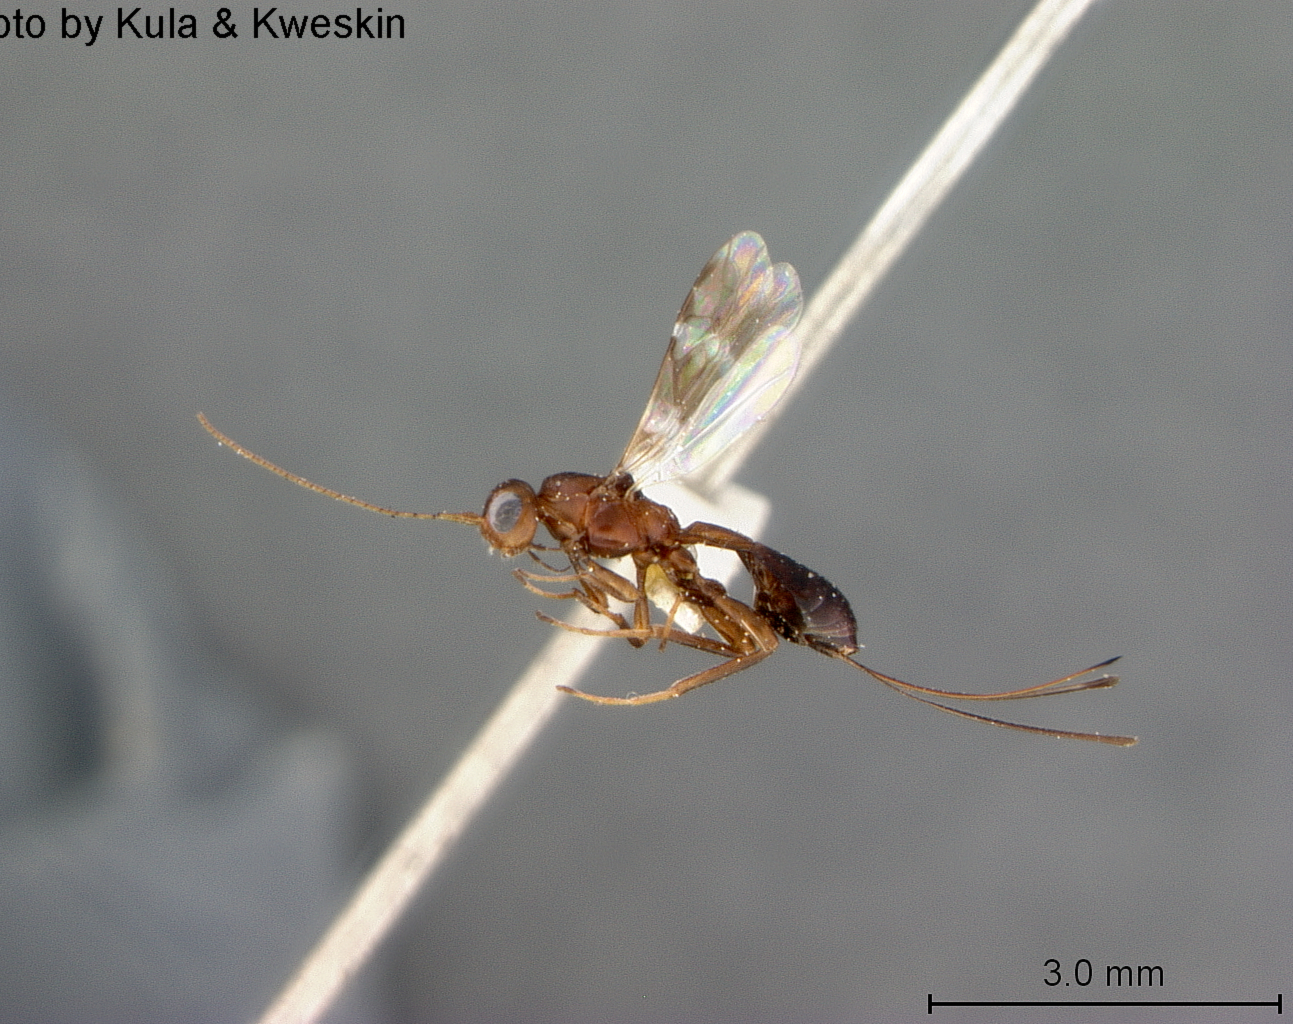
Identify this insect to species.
Callihormius stigmatus
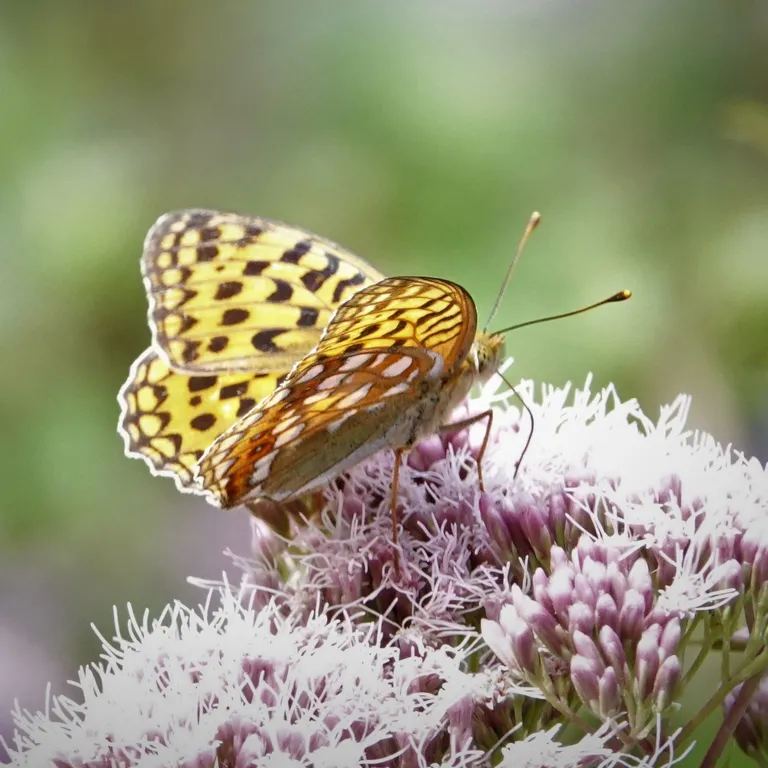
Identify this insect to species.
Fabriciana adippe
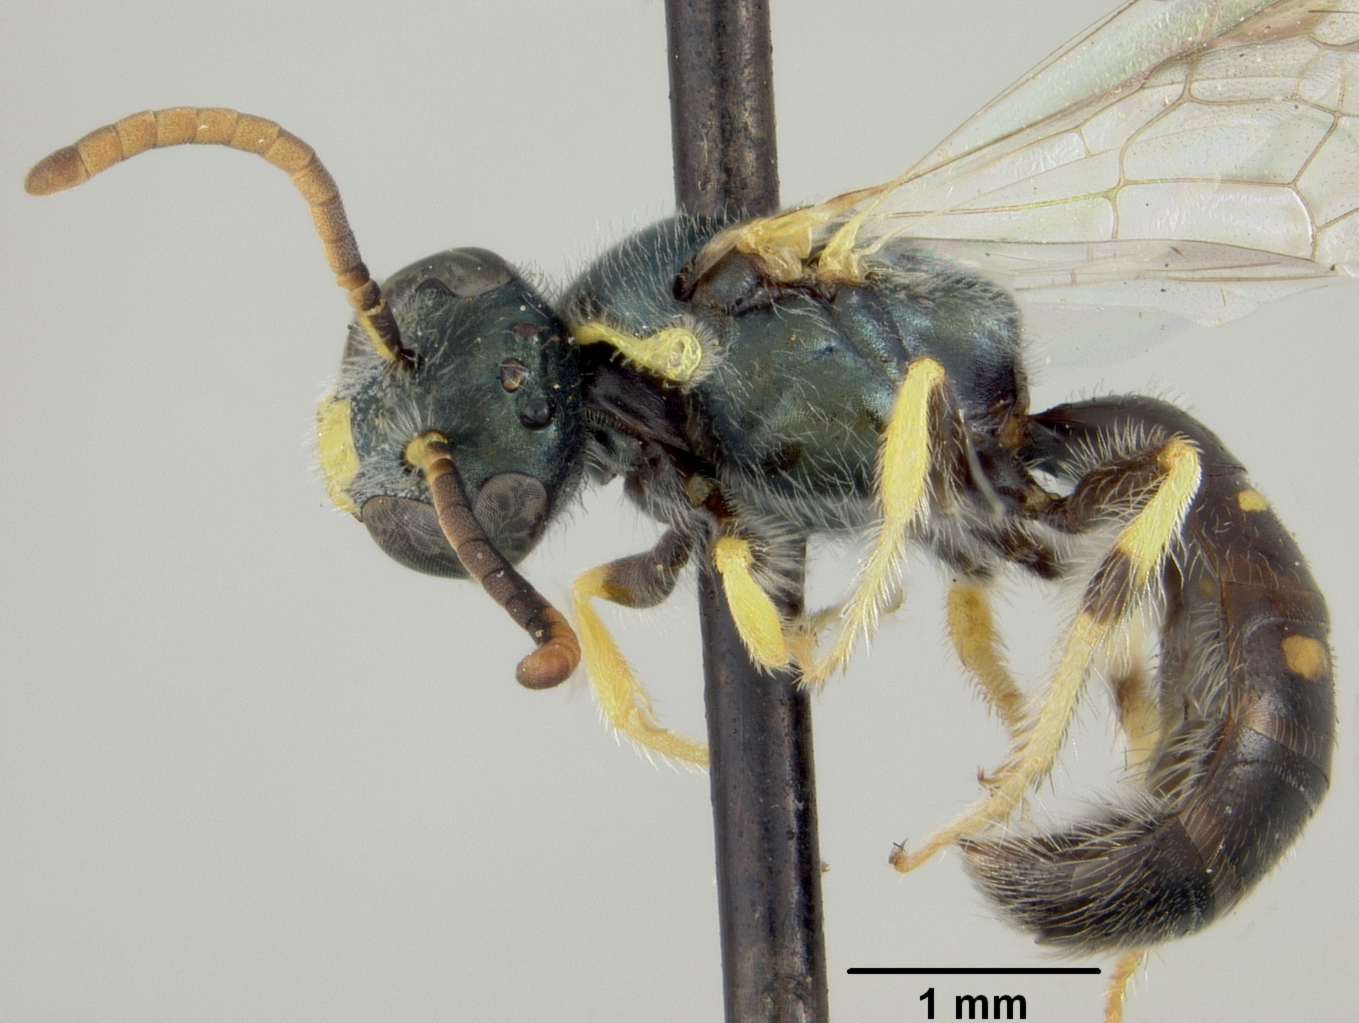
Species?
Nomioides nanensis
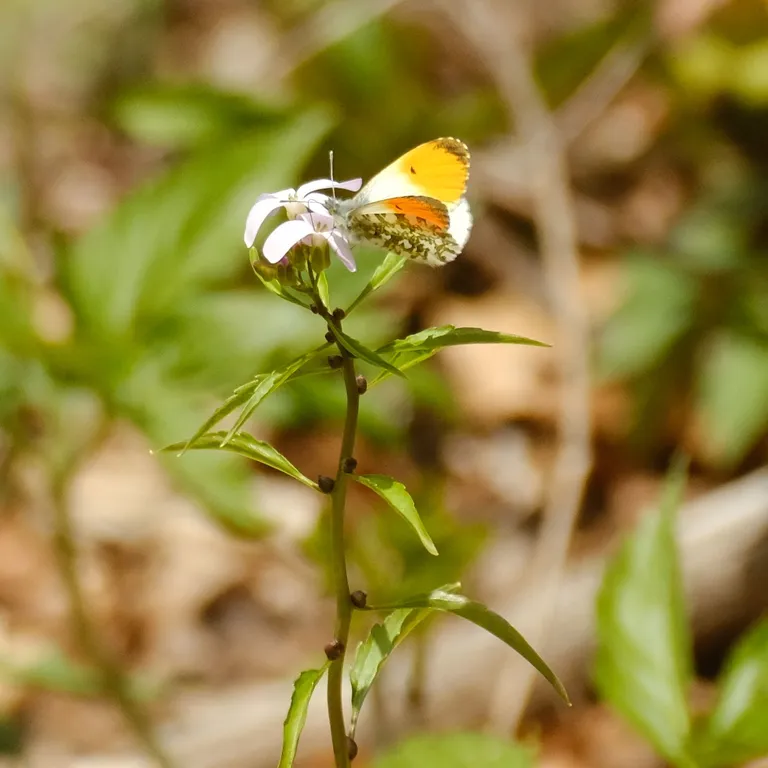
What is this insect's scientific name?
Anthocharis cardamines
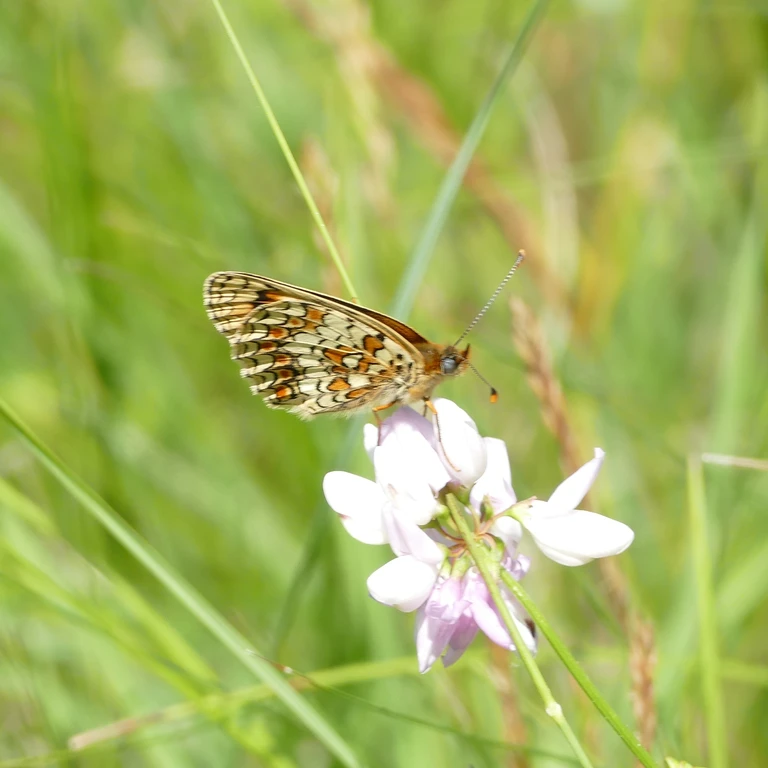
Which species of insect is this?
Melitaea phoebe
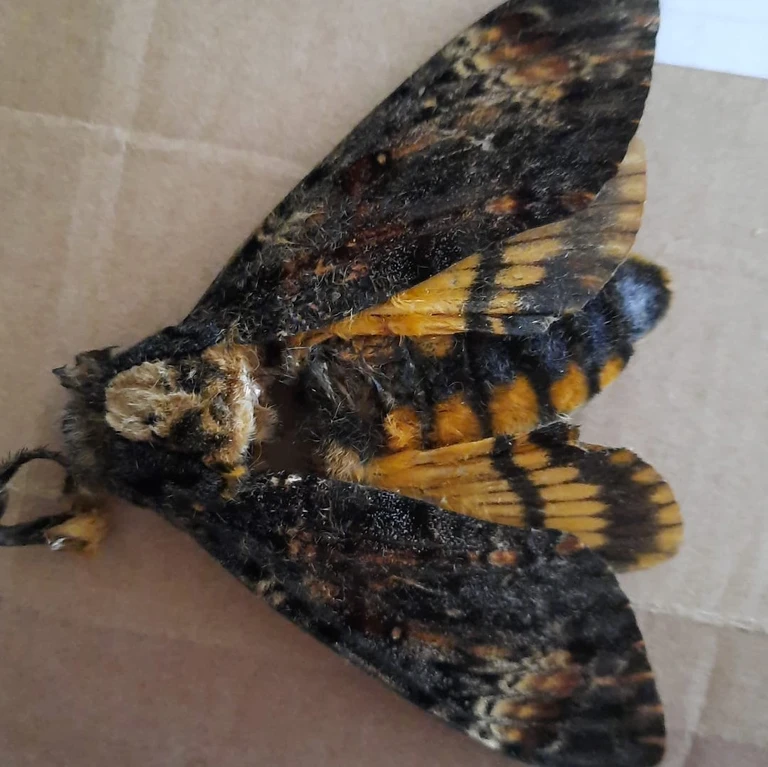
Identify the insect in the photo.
Acherontia atropos
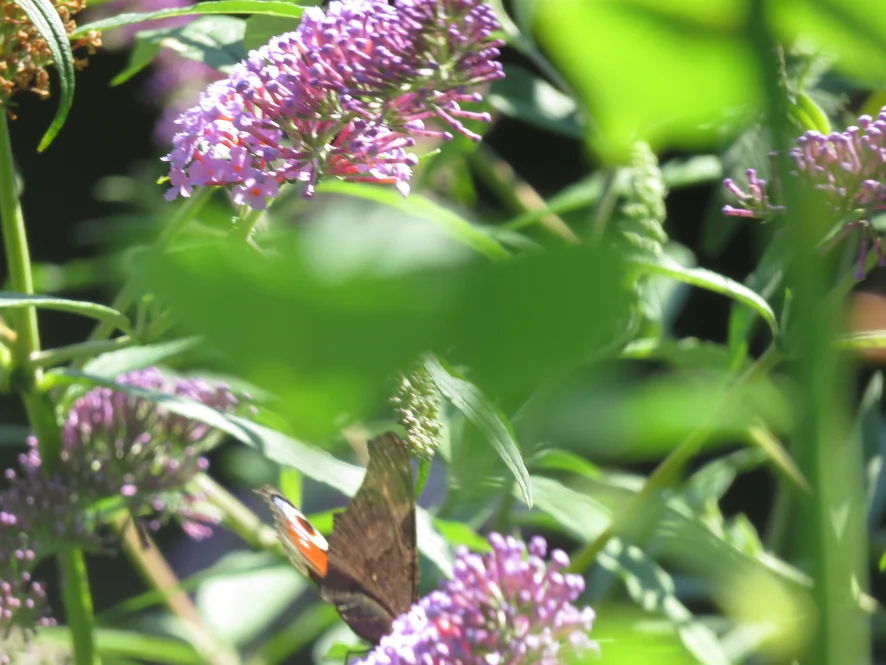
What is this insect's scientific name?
Aglais io
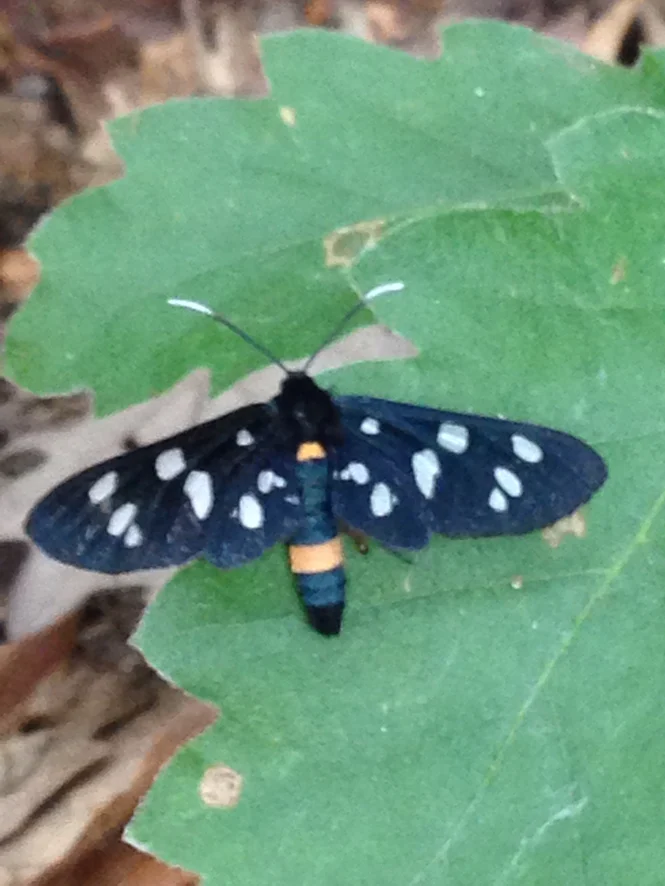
- - - - -
> [TRY IT]: Produce a word-for-word copy of the records, omitting all images.

> [COMPLETED TASK]:
Identify this insect to species.
Callihormius stigmatus
Identify this insect to species.
Fabriciana adippe
Species?
Nomioides nanensis
What is this insect's scientific name?
Anthocharis cardamines
Which species of insect is this?
Melitaea phoebe
Identify the insect in the photo.
Acherontia atropos
What is this insect's scientific name?
Aglais io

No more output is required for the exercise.